OK its only a split exhaust, and not terminal but van is RHD and the part is in Madrid (exhaust goes other side). BUT its fiesta here so the part won't arrive for a week etc etc. We're stuck. We speak good Spanish but a week without the van is not perfect. Anyway, been to the beach and coruna is a great place to be stuck but I'd rather be in the van in the country with the dog! Poor thing in the city!! Tell me that worse things have happened to you!


----------



## Grizzly (May 9, 2005)

Please find attached lots of sympathy...

Are you able to sleep in the van or are you in a hotel ?

We've not ( fingers xed/ touch wood, ) had anything so serious though we did have the immobiliser lock us up in the car park of Otley Waitrose on our way to a family wedding in north Yorkshire.

Waitrose could not have been more helpful. We spent the night in the tractor parking area of the shop( seriously !) and they allowed us free use of their phone, toilets, water point, staff coffee shop and made sure that we were safe by encouraging their night watchman to patrol near us and making sure staff working overnight parked elsewhere and did not wake us.

Next day a long low loader took us all to Ripon and eventually it was unjammed and we made it to the wedding.

Hope you're sorted soon and can make the most of the diversion.

G


----------



## pippin (Nov 15, 2007)

¡ Que lástima !


----------



## 747 (Oct 2, 2009)

I had a mirror image problem to yours.

My Burstner 747 is RHD but has a LHD exhaust fitted. It fell apart up the West coast of Scotland in March.

Problem 1. They are virtually impossible to get in the UK.

Problem 2. You have to remortgage your house to afford one.
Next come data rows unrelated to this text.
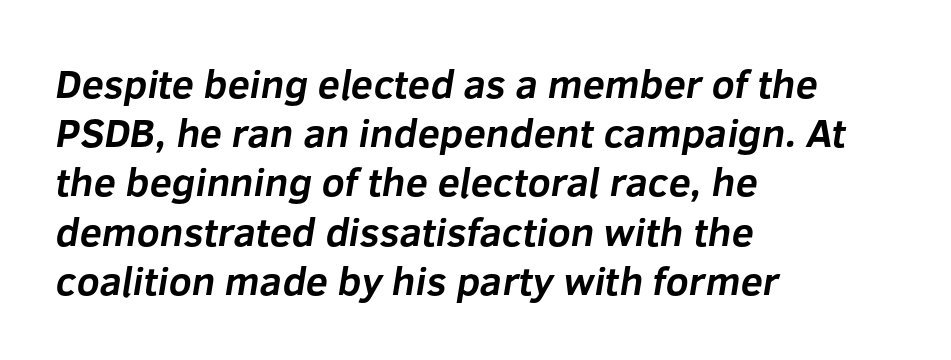
Underline: absent. Does the copy run flush right? No — it runs flush left. The font is running at its bold setting. Nothing unusual about the tracking: characters are spaced as the font intends. Each letter's strokes conclude bluntly, with no projecting serifs.
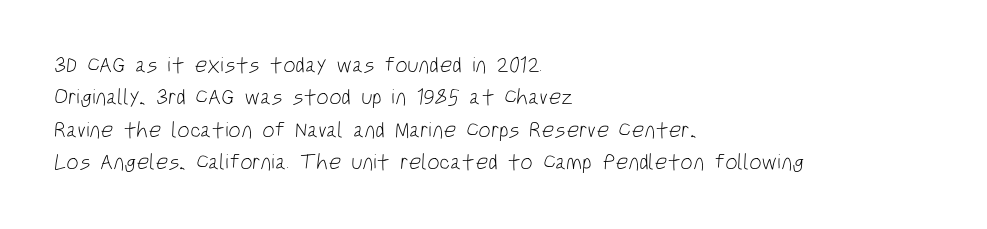
Q: Is the text bold? A: No.
Q: Is the text underlined? A: No.
Q: How is the paragraph aligned? A: Left-aligned.
Q: Is the spacing between letters normal or unusually wide? A: Normal.
Q: Is the spacing between lines tight, normal or loose? A: Normal.
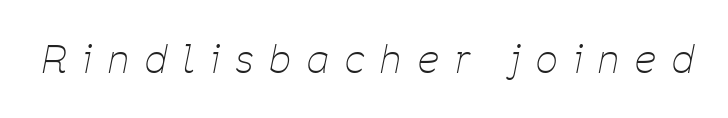
Students, note that the glyphs here are deliberately spaced far apart. Tall strokes in this sample are angled rather than plumb. Type without underlining. Varying glyph widths throughout — classic text-font behaviour. The font sits on the lighter half of the weight spectrum, regular included.
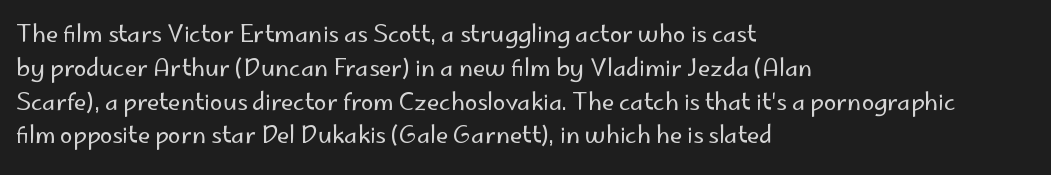
{"italic": "no", "bold": "no", "underline": "no", "align": "left", "line_spacing": "normal", "line_spacing_ratio": 1.47, "letter_spacing": "normal", "letter_spacing_em": 0.0, "glyph_px": 23}
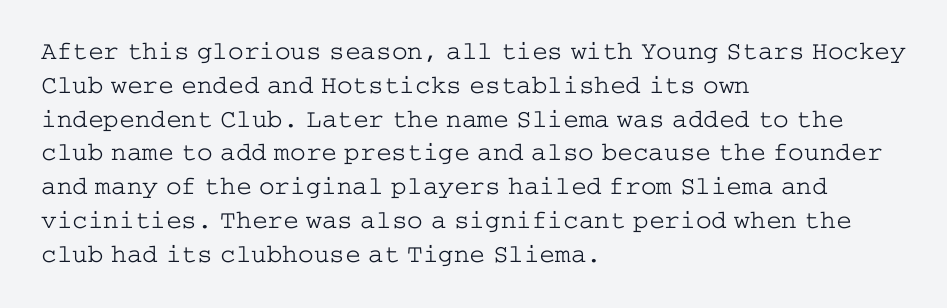
The image shows 26 px text type, upright; set left-aligned, normal line spacing (1.3x), normal letter spacing, not underlined.
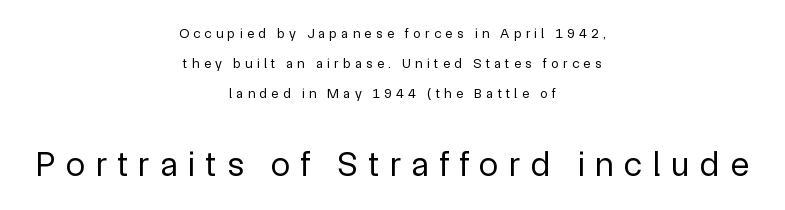
Caption: expanded tracking, letters set apart. The words here are not underlined. Each letter's strokes conclude bluntly, with no projecting serifs. Here the designer chose a conventional face with non-uniform glyph widths.
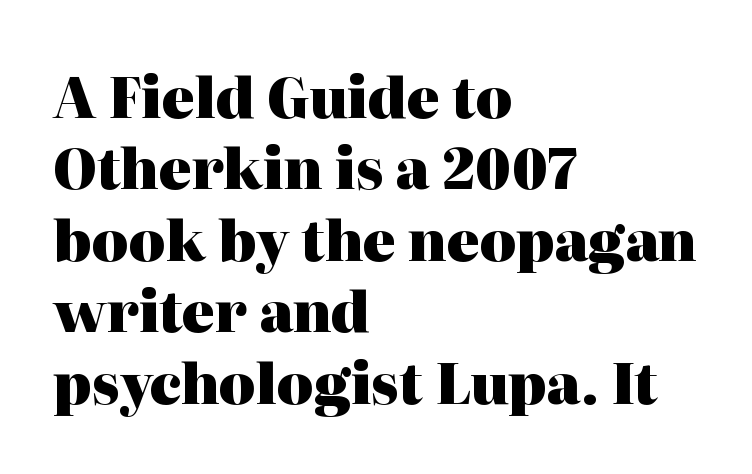
{"serif": "yes", "italic": "no", "bold": "yes", "weight": "heavy", "width": "normal", "stroke_contrast": "high", "x_height": "medium", "monospaced": "no", "underline": "no", "align": "left", "line_spacing": "normal", "line_spacing_ratio": 1.3, "letter_spacing": "normal", "letter_spacing_em": 0.0, "glyph_px": 55}
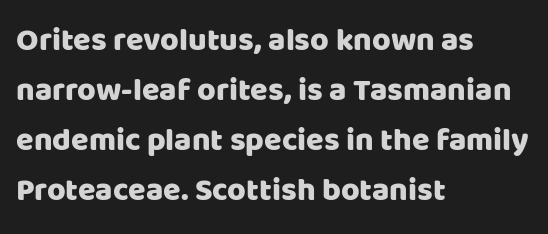
Q: Is the text italic (slanted)? A: No, it is upright.
Q: Is the typeface a serif or a sans-serif typeface? A: Sans-serif.
Q: Is the text underlined? A: No.
Q: How is the paragraph aligned? A: Left-aligned.
Q: Is the spacing between letters normal or unusually wide? A: Normal.
Q: Is the spacing between lines tight, normal or loose? A: Normal.
Q: Width (condensed, normal, or wide)? A: Normal.
Q: Stroke contrast? A: Low.
Q: x-height? A: Large.
Q: Monospaced? A: No.
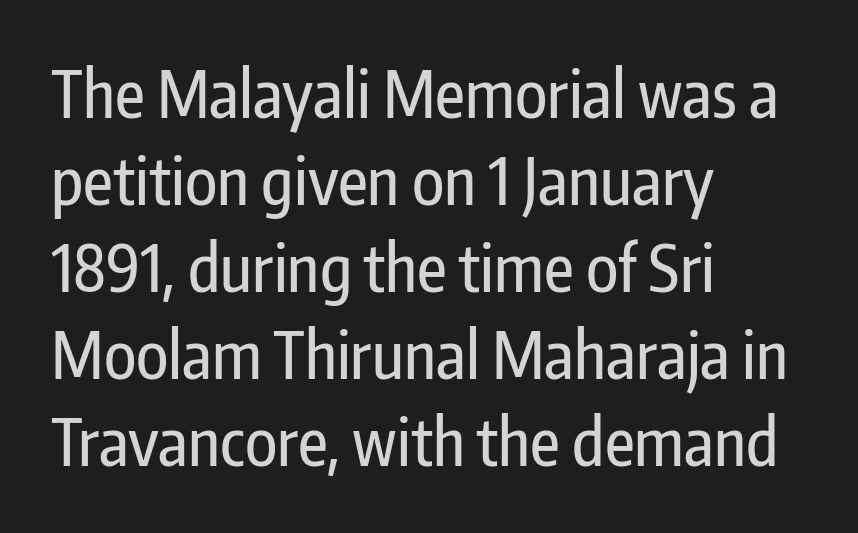
{"serif": "no", "italic": "no", "width": "condensed", "stroke_contrast": "low", "x_height": "medium", "monospaced": "no", "underline": "no", "align": "left", "line_spacing": "normal", "line_spacing_ratio": 1.34, "letter_spacing": "normal", "letter_spacing_em": 0.0, "glyph_px": 65}
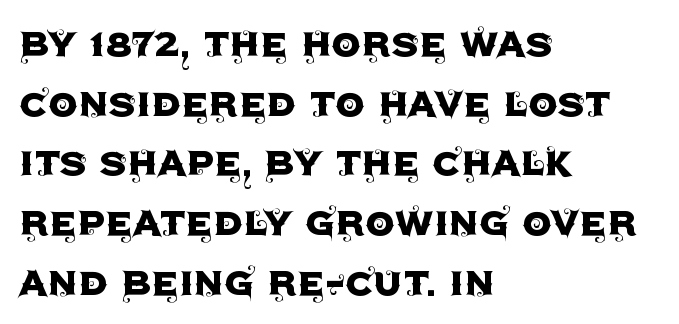
Does the copy run flush right? No — it runs flush left. Are there feet on the stems? There aren't — it's a sans. The string is rendered with underlining switched off. This rendering leaves character spacing at its baseline value. Interline gaps are of average width in this sample.
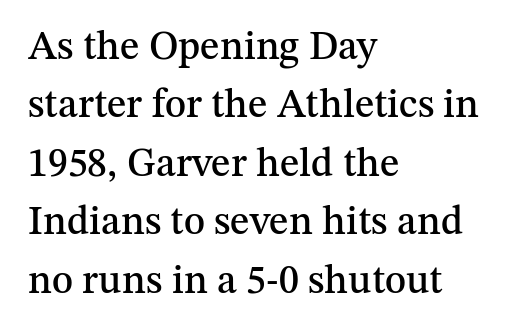
The image shows 40 px serif type, upright; set left-aligned, normal line spacing (1.46x), normal letter spacing, not underlined; medium stroke contrast and a medium x-height.
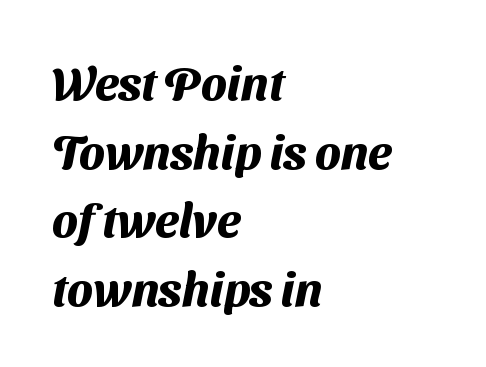
{"serif": "no", "bold": "yes", "weight": "heavy", "width": "normal", "stroke_contrast": "medium", "x_height": "medium", "monospaced": "no", "underline": "no", "align": "left", "line_spacing": "normal", "line_spacing_ratio": 1.46, "letter_spacing": "normal", "letter_spacing_em": 0.0, "glyph_px": 47}
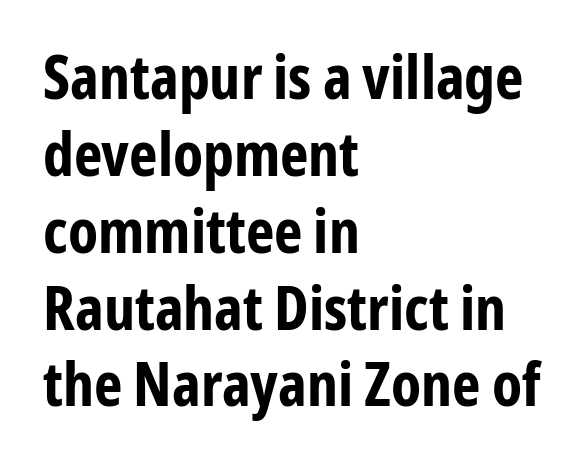
Q: Is the text bold? A: Yes.
Q: Is the text italic (slanted)? A: No, it is upright.
Q: Is the typeface a serif or a sans-serif typeface? A: Sans-serif.
Q: Is the text underlined? A: No.
Q: How is the paragraph aligned? A: Left-aligned.
Q: Is the spacing between letters normal or unusually wide? A: Normal.
Q: Is the spacing between lines tight, normal or loose? A: Normal.
Q: Width (condensed, normal, or wide)? A: Condensed.
Q: Stroke contrast? A: Low.
Q: x-height? A: Medium.
Q: Monospaced? A: No.
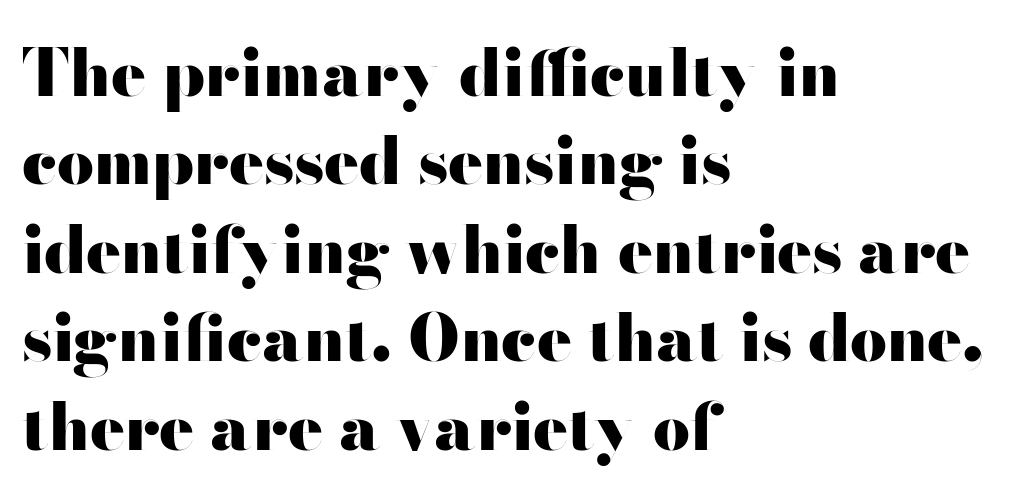
Q: Is the text bold? A: Yes.
Q: Is the text italic (slanted)? A: No, it is upright.
Q: Is the typeface a serif or a sans-serif typeface? A: Sans-serif.
Q: Is the text underlined? A: No.
Q: How is the paragraph aligned? A: Left-aligned.
Q: Is the spacing between letters normal or unusually wide? A: Normal.
Q: Is the spacing between lines tight, normal or loose? A: Normal.
Q: Width (condensed, normal, or wide)? A: Wide.
Q: Stroke contrast? A: High.
Q: x-height? A: Small.
Q: Monospaced? A: No.
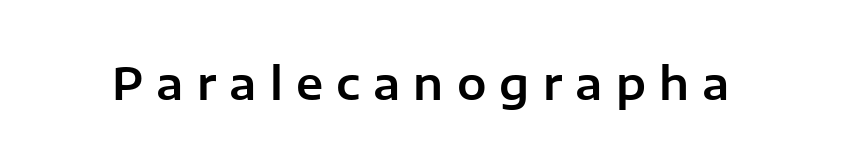
{"serif": "no", "italic": "no", "width": "normal", "stroke_contrast": "low", "x_height": "medium", "monospaced": "no", "underline": "no", "letter_spacing": "wide", "letter_spacing_em": 0.3, "glyph_px": 44}
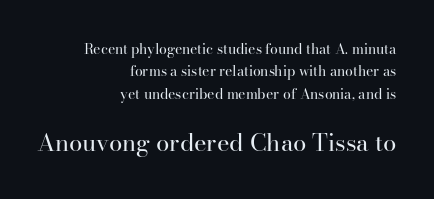
The image shows 24 px text type, upright; set right-aligned, normal line spacing (1.59x), normal letter spacing, not underlined; the second (bottom) block is 1.71x larger.
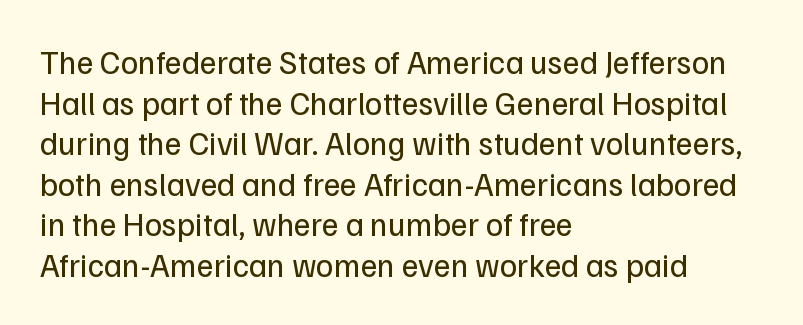
Q: Is the text bold? A: No.
Q: Is the text italic (slanted)? A: No, it is upright.
Q: Is the typeface a serif or a sans-serif typeface? A: Sans-serif.
Q: Is the text underlined? A: No.
Q: How is the paragraph aligned? A: Left-aligned.
Q: Is the spacing between letters normal or unusually wide? A: Normal.
Q: Width (condensed, normal, or wide)? A: Normal.
Q: Stroke contrast? A: Low.
Q: x-height? A: Medium.
Q: Monospaced? A: No.
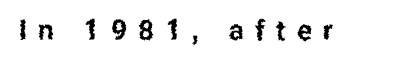
The image shows 28 px condensed sans-serif type, upright; set unusually wide letter spacing (+0.4 em), not underlined; low stroke contrast and a medium x-height.
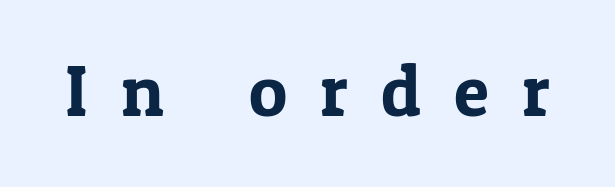
The image shows 72 px serif type, upright; set unusually wide letter spacing (+0.46 em), not underlined; low stroke contrast and a medium x-height.

Luckily I was still mobile (if a bit noisy after a bodge) and got home OK. After thinking the problem through and bearing in mind that I will be keeping the van long term, I had it altered to suit a RHD exhaust.

It cost £60 for a local HGV garage to modify the exhaust brackets and fit an exhaust that I bought myself. By my calculations, I can fit 3 RHD exhausts for the price of a LHD one. Another big plus is availability


----------